Plaintiff’s lawsuit included various products liability claims against the manufacturers of the involved vehicles and some of their component parts, including the vehicle manufacturer, Nissan, the seatbelt manufacturer, and the recliner mechanism manufacturer. Before trial, she settled with most of the defendants but elected to proceed on some of the strict products liability theories against Ikeda Engineering Corporation which participated in design of the seat, and Vintec Company, which manufactured her seat. Plaintiff’s reconstruction expert testified that as the seat back fell backwards, it created slack in the lap and shoulder harnesses, allowing the plaintiff to “ramp” up the seat towards the back of the vehicle. Plaintiff’s structural engineering expert recreated the event in a test which caused similar damage to the small gears (“locking pawls”) that adjust the seat back, and the test dummy moved into and up the seat back, in a manner the expert described as “ramping.” Plaintiff’s biomechanic testified she would not have suffered the same injuries if her seatback had not reclined.

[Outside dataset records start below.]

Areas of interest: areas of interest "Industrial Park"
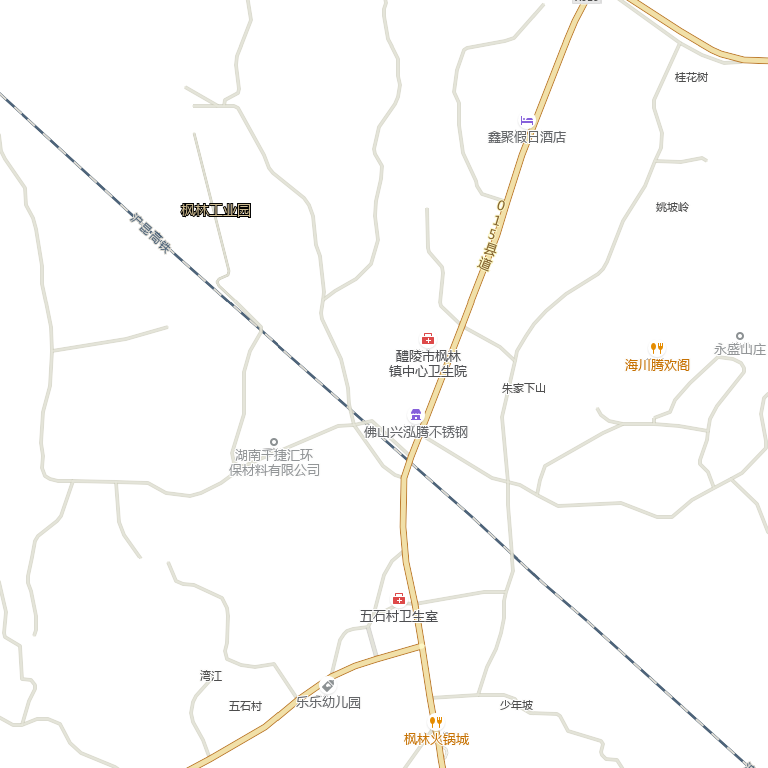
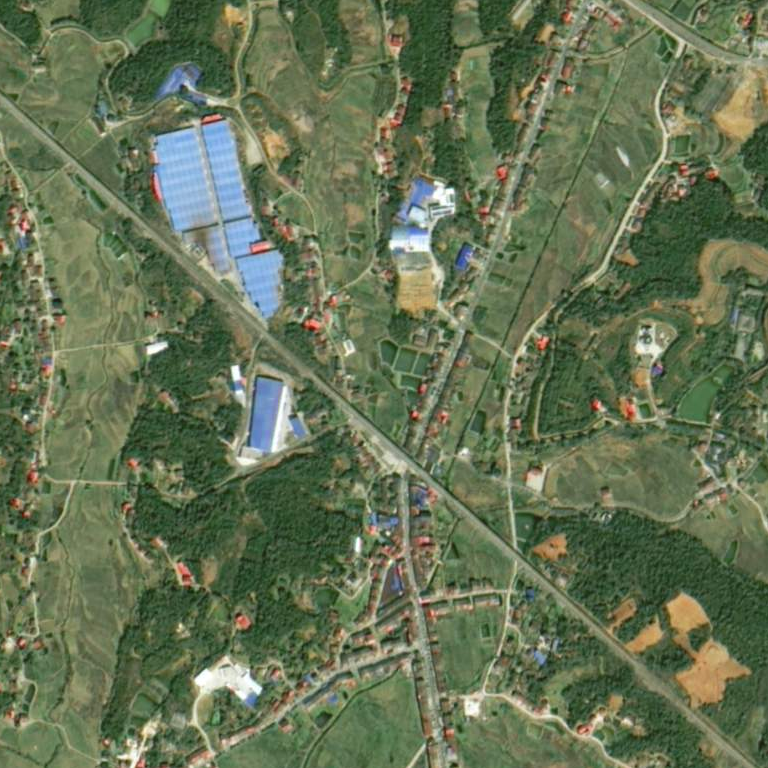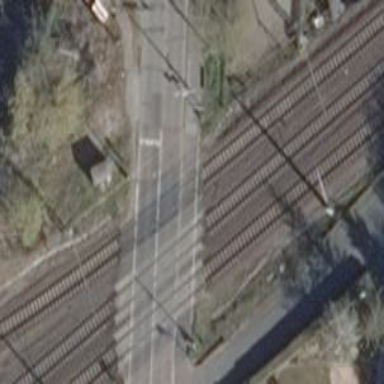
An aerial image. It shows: Crossing for the railway.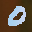
Label: 0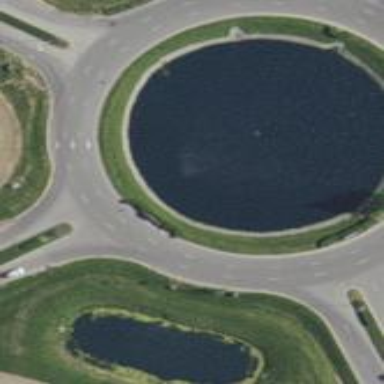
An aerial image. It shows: Roundabout at tertiary road junction.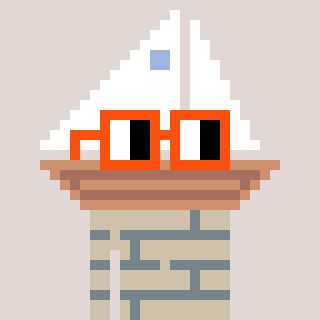
a pixel art character with square orange glasses, a sailboat-shaped head and a bege-colored body on a warm background
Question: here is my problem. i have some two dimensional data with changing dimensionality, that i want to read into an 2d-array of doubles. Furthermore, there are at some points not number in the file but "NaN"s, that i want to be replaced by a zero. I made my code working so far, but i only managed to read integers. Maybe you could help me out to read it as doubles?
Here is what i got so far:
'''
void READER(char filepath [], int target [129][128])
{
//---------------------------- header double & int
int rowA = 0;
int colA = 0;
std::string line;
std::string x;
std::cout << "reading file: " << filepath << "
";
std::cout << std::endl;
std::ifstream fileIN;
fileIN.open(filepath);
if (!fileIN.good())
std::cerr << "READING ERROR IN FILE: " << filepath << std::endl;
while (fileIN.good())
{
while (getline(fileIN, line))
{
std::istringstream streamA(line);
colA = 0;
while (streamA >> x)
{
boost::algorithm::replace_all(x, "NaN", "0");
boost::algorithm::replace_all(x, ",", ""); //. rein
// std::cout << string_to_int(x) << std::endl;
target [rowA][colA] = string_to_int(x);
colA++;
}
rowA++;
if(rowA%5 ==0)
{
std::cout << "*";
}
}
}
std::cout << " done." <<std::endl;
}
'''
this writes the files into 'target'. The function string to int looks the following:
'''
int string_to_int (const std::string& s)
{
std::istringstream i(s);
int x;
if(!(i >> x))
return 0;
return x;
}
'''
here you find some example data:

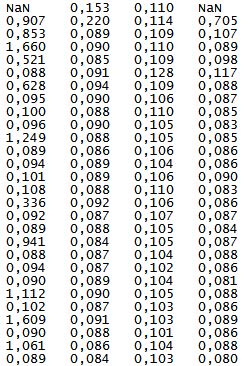
Answer: 'boost::algorithm::replace_all(x, ",", "");'"
Use following function to convert to any type, say 'double' :-
'''
template <typename T>
T StringToNumber ( const std::string &Text )
{
std::istringstream ss(Text);
T result;
return ss >> result ? result : 0;
}
'''
Call using :
'''
boost::algorithm::replace_all(x, ",", "."); // Change , to .
std::cout << StringToNumber<double>(x) << std::endl;
'''
Or
you can simply use <URL>
'std::cout<<boost::lexical_cast<double>( x )<<std::endl;'
Make sure you have a 'double' 2D array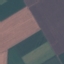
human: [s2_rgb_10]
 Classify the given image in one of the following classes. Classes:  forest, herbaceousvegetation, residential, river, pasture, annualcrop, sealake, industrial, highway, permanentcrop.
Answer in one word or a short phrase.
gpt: AnnualCrop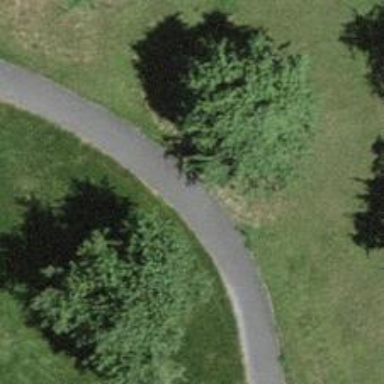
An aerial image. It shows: Designated golf cart path with compacted surface. It is classified as service road.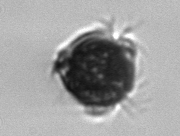
Label: Mesodinium
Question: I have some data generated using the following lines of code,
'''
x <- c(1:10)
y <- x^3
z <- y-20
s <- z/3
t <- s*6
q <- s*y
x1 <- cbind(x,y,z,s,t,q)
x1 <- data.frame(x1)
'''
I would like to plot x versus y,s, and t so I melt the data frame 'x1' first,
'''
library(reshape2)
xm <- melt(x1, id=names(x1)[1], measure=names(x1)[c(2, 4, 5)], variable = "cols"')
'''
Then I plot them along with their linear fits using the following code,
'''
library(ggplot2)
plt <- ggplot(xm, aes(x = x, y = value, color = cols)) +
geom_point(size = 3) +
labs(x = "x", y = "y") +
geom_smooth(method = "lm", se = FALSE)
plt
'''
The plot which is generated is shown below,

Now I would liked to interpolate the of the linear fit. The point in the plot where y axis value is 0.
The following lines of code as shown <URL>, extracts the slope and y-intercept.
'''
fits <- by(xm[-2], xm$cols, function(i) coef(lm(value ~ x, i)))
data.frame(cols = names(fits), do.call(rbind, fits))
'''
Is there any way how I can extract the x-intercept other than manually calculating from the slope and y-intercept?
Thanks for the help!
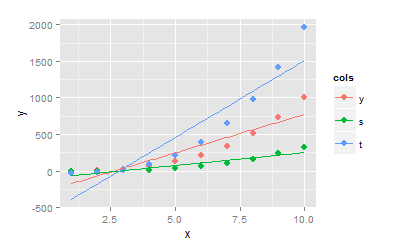
Answer: You could do inverse prediction as implemented in package chemCal for calibrations if you don't want to calculate this yourself:
'''
library(chemCal)
res <- by(xm[-2], xm$cols, function(i) inverse.predict(lm(value ~ x, i), 0)$Prediction)
res[1:3]
#xm$cols
#y s t
#2.629981 2.819734 2.819734
'''
Maybe you prefer this:
'''
library(plyr)
res <- ddply(xm, .(cols),
function(i) data.frame(xinter=inverse.predict(lm(value ~ x, i), 0)$Prediction))
# cols xinter
# 1 y 2.629981
# 2 s 2.819734
# 3 t 2.819734
'''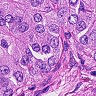
Metastatic tissue present: yes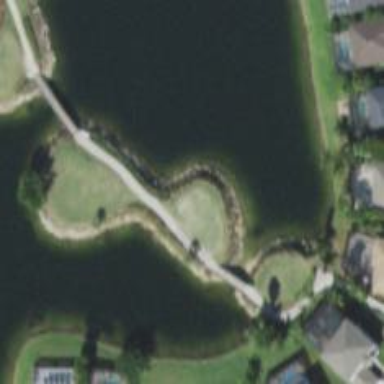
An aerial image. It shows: Path for golf carts.
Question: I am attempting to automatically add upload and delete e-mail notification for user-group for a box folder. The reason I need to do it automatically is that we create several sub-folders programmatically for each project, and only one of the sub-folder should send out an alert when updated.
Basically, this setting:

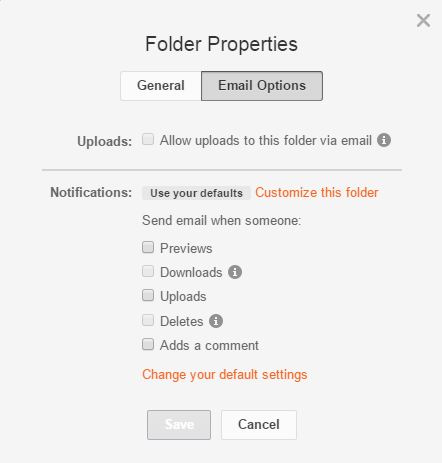
Answer: Unfortunately, email notifications cannot be set on a per-group basis. Notifications are tied to users rather than groups. Usrs can set their own notifications here (as you point out) or default enterprise-wide notifications can be set under the admin console.
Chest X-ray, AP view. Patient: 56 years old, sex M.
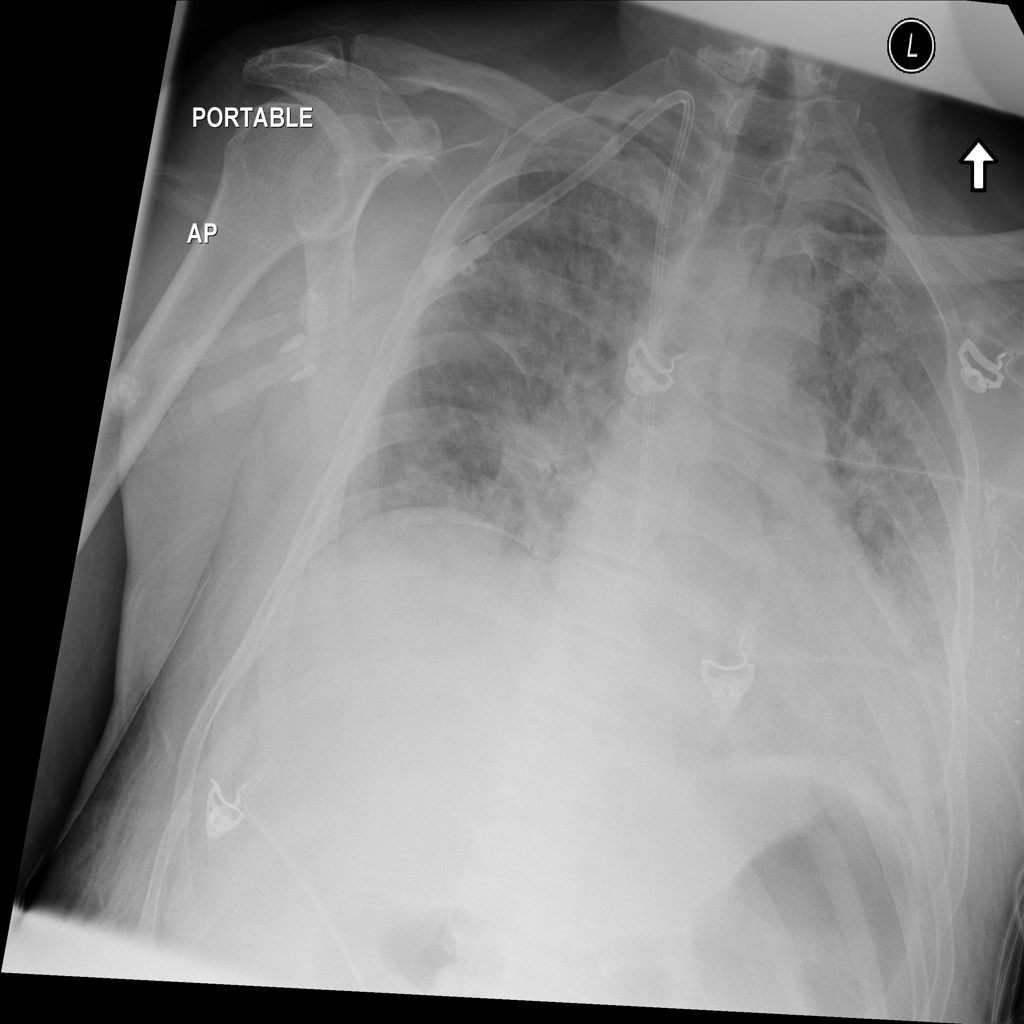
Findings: Cardiomegaly, Infiltration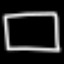
Label: square
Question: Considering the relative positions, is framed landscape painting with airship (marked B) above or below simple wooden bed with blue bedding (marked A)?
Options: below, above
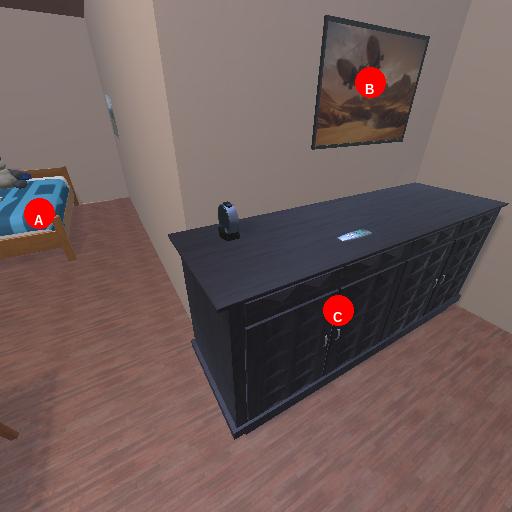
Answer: below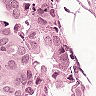
Metastatic tissue present: yes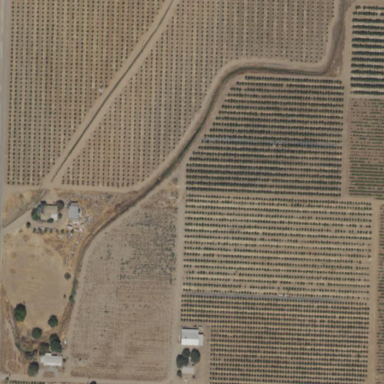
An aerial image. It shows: Orchard.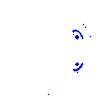
Particle: kaon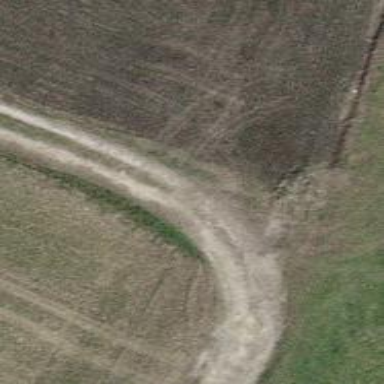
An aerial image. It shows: Track with grade 3 surface.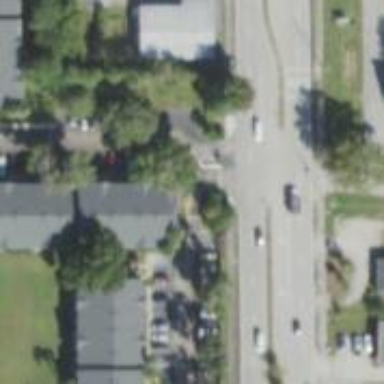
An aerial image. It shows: Unmarked crossing on the road.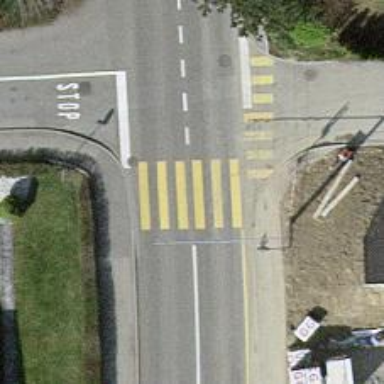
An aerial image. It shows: Residential road with asphalt surface and trolley wires.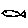
Label: fish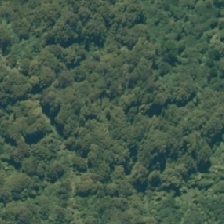
Land cover: indigenous_forest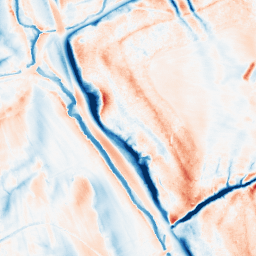
Category: classical
Decomposition family: gaussian_anisotropic
Decomposition parameters: sigma_x: 10
sigma_y: 2
Upsampling method: quintic
Upsampling parameters: scale: 4
Upsampling scale: 4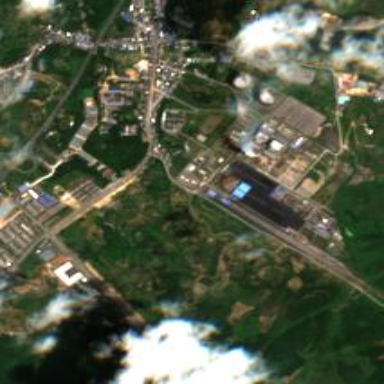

Defendants’ engineering expert testified the force of the accident significantly exceeded the design level of the Frontier’s seat. The defense biomechanic testified the rear end impact from the car stopped behind the Frontier caused the plaintiff’s neck injuries. The parties stipulated to various facts, including an agreement that plaintiff’s total past medical bills were $667,905, and all of the medical treatment was reasonable and necessary. They also stipulated there was no manufacturing defect in the Frontier’s front driver’s seat, and the only question for the jury was whether the design of the seat was defective.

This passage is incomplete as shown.